After Tuesday’s performance of Mad Madge at The Theatre Centre, producer (in associaton with VideoCabaret) Nightwood Theatre organized a panel of theatre-makers to discuss the trend of fictionalized history on stage (or, put another way, an examination of coincidental aesthetic consistency in the Rose Napoli extended universe). The texts up for discussion were Kat Sandler‘s Wildwoman (a 2023 Soulpepper hit and Critics’ Pick Award nominee) and Napoli’s Mad Madge (currently barrelling towards its too-soon closing on April 21), two irreverent and unapologetic imaginings of epic and messy humanity left largely out of history books.

 

I’ve used both the word “trend” and “coincidence” in that opening paragraph, though I think more accurately the plethora of anachronistic feminist theatre is the natural effect of empowered female playwrights given both the permission to make a mess and the money to make it pretty. Armed with the centuries-late concept that a woman doesn’t have to be likeable to be interesting, contemporary female playwrights are turning to the past where their male counterparts have been finding heroes for years, uncovering the hidden protagonists buried in the “personal life” tab of those men’s wikipedia pages. The trend, to return to a reductive but admittedly useful word, embraces modern language and light moral presentism to illuminate the selective storytelling of history.
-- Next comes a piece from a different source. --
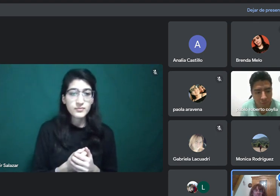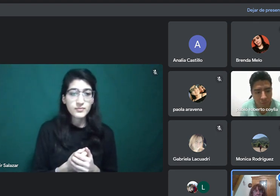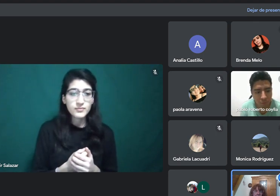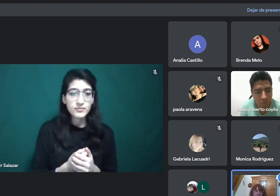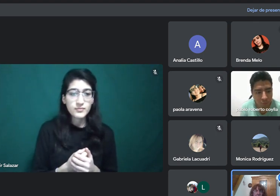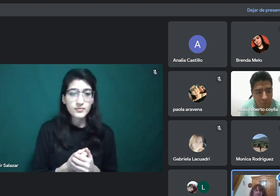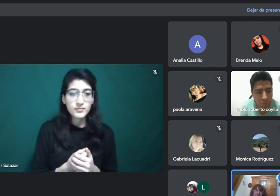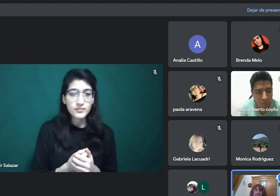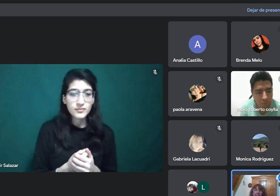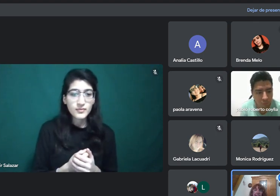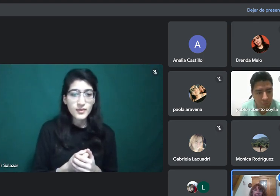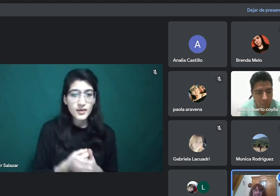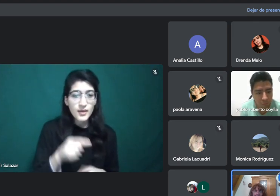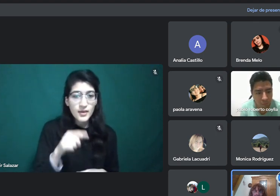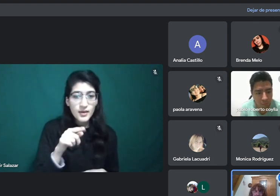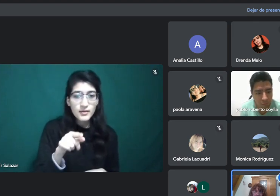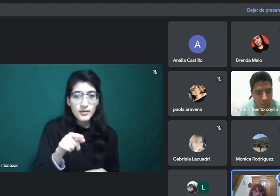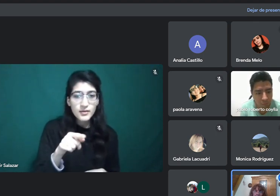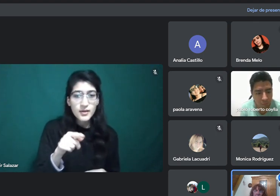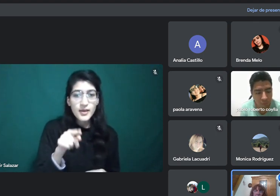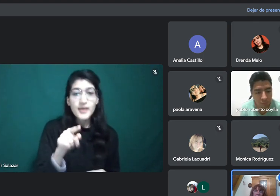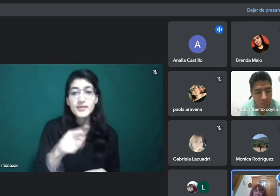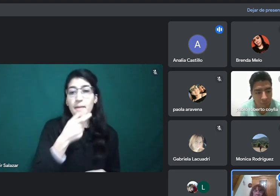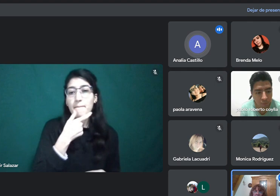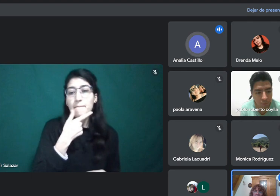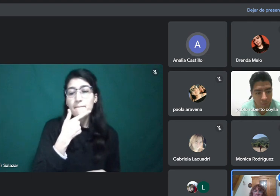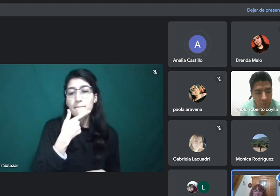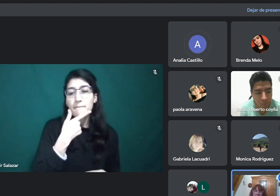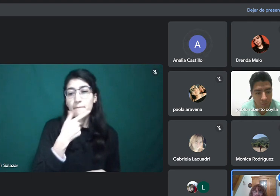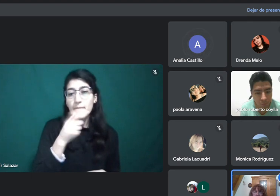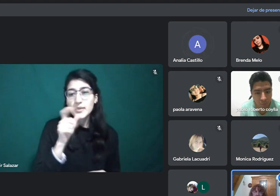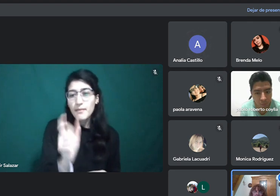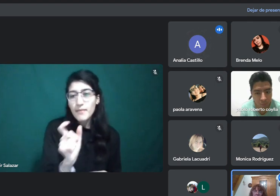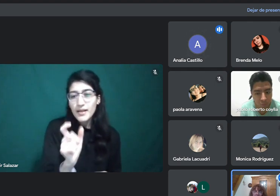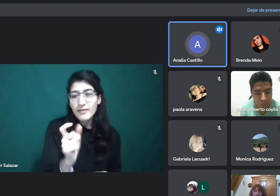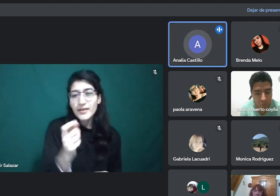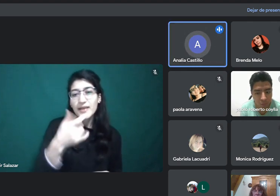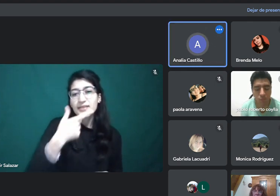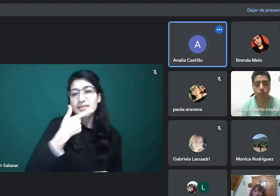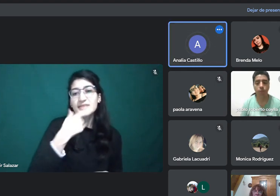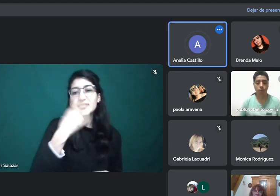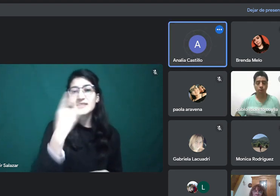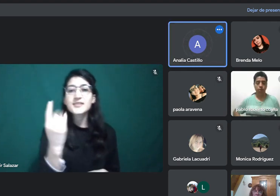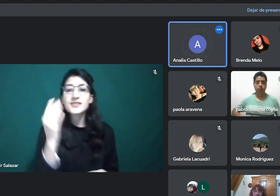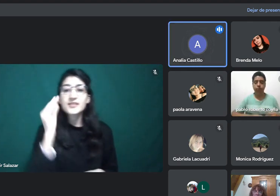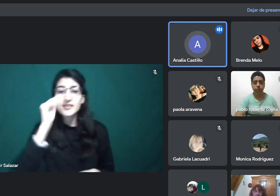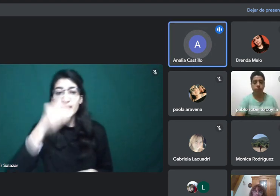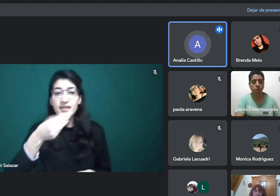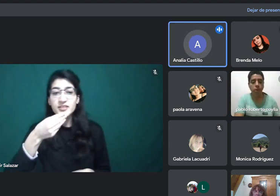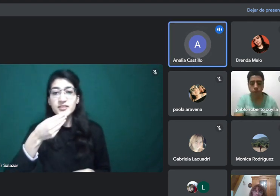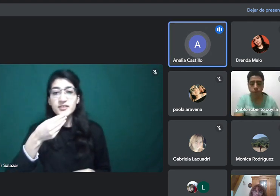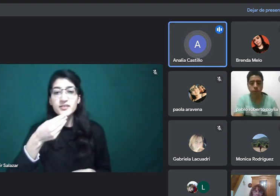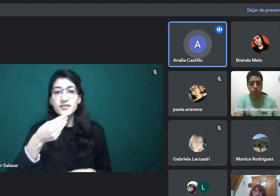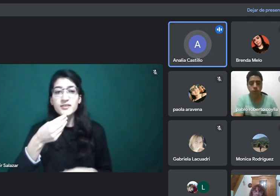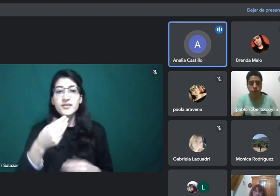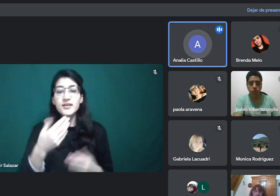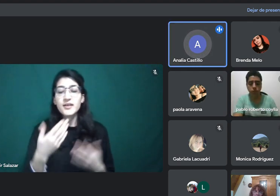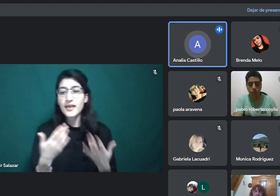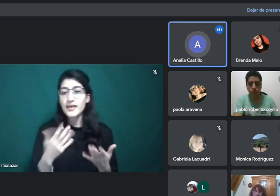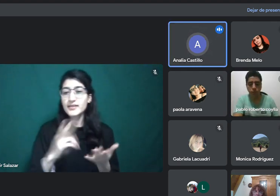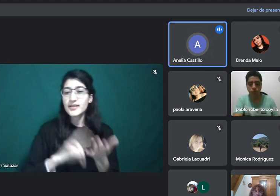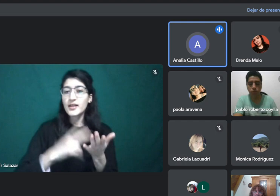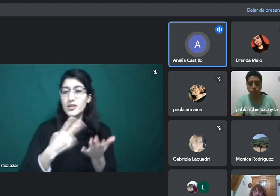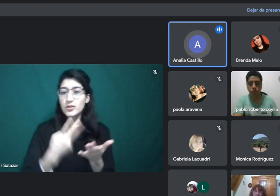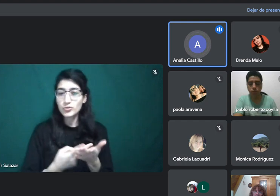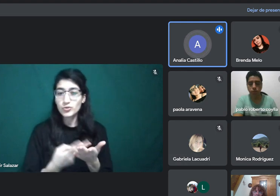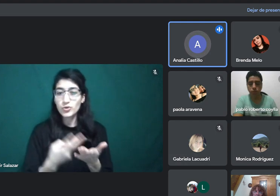such quiere decir tales. Tales. Sí. Y bueno, ahí está como,

These pieces blend meticulous research with bravura imagination to paint full portraits of women as immediately real as today’s- unladylike flesh and blood wholly unsuitable for historical document but primed for a star turn on a 2024 stage.

 

Mad Madge in particular revels in unruliness, showing as much deference to the standards of historical adaptation as its heroine does to the behavioural expectations of her society. Napoli’s script is non-linear and inconsistent in its narrative device, as brazenly fictitious as it is fascinatingly true. Breaking Margaret Cavendish and her regal contemporaries out of their poised commemoration, Napoli shows them naked, ridiculous, and shitting. Director Andrea Donaldson stages the play in the round, protecting no one’s bad side. Designers Astrid Janson, Abby Esteireiro, and Merle Harley’s costumes are historical and beautiful but also cartoonish and extreme. “Intentional Mis-casting” (meaning the tossing out of standard qualifying traits like age, gender, race, and body type) and strategic character doubling adds both Brechtian distance and thoughtful insight into power and societal acceptability. The production and performances, in every way, are rewardingly aligned with the purpose-led mischief of the play’s enchantingly disobedient ethos.

 

Napoli makes no apologies for her character’s contradictions and inconsistencies, allowing for conflicting perspectives and changed minds when neither makes for clean storytelling. Margaret Cavendish is a proud single woman who loudly announces both her opposition to marriage and uncompromising dedication to self-focused ambition as a necessity for advancement in an age of non-existent opportunities for women. Mad Madge is also a pretty swoony love story and low-key parable about compromise. The clash of those two realities is evocatively unsatisfying, as if we’re being allowed access before history’s editors clean up the narrative.

 

Lucast Hnath’s A Public Reading of an Unproduced Screenplay About the Death of Walt Disney, currently onstage in a characteristically competent production from Outside the March & Soulpepper, also plays fast and loose with the truth but offers a stark and disappointing contrast to the artful rebellion of Mad Madge.

 

Hnath’s performatively stylized dialogue and far-fetched autobiographical screenplay gimmick are irritating distractions from a play that reduces a very interesting, and very well documented, real person into a dull trope on well-trod territory. While the aforementioned feminist reimaginings use fiction to fill in under-reported history with humanizing complexity, Hnath ignores all the reportedly true messiness of Walt Disney’s life and character to speculate that he wasn’t a great dad, as if that’s an at all novel story about a man of his generation.

 

At least that dull elaboration leads to some memorable theatrical moments as the strong cast’s standout player Katherine Cullen makes a glorious meal out of her lousy nine minutes of stage time (she’s technically onstage a lot but, I counted, she’s only properly in the scene for nine minutes of the 95-minute runtime). Diego Matamoros is as compelling as ever in a standard powerful man role and it’s always a privilege to watch Anand Rajaram play obfuscated heartbreak, but this script isn’t halfway good enough for the talent attached to it.

 

So much is known about Walt Disney, and his impact on our modern world is incalculable. Without needing any of the imagination used in the retelling of Margaret Cavendish’s story, a play about the darkness and sadness and striving and ego that made Walt Disney an icon sounds like it could be brilliant. This is not that play. Cut the brand name and Hnath has written about any succesful American from the self-titled Greatest Generation, a strange shortcoming when the history books have already done half the work.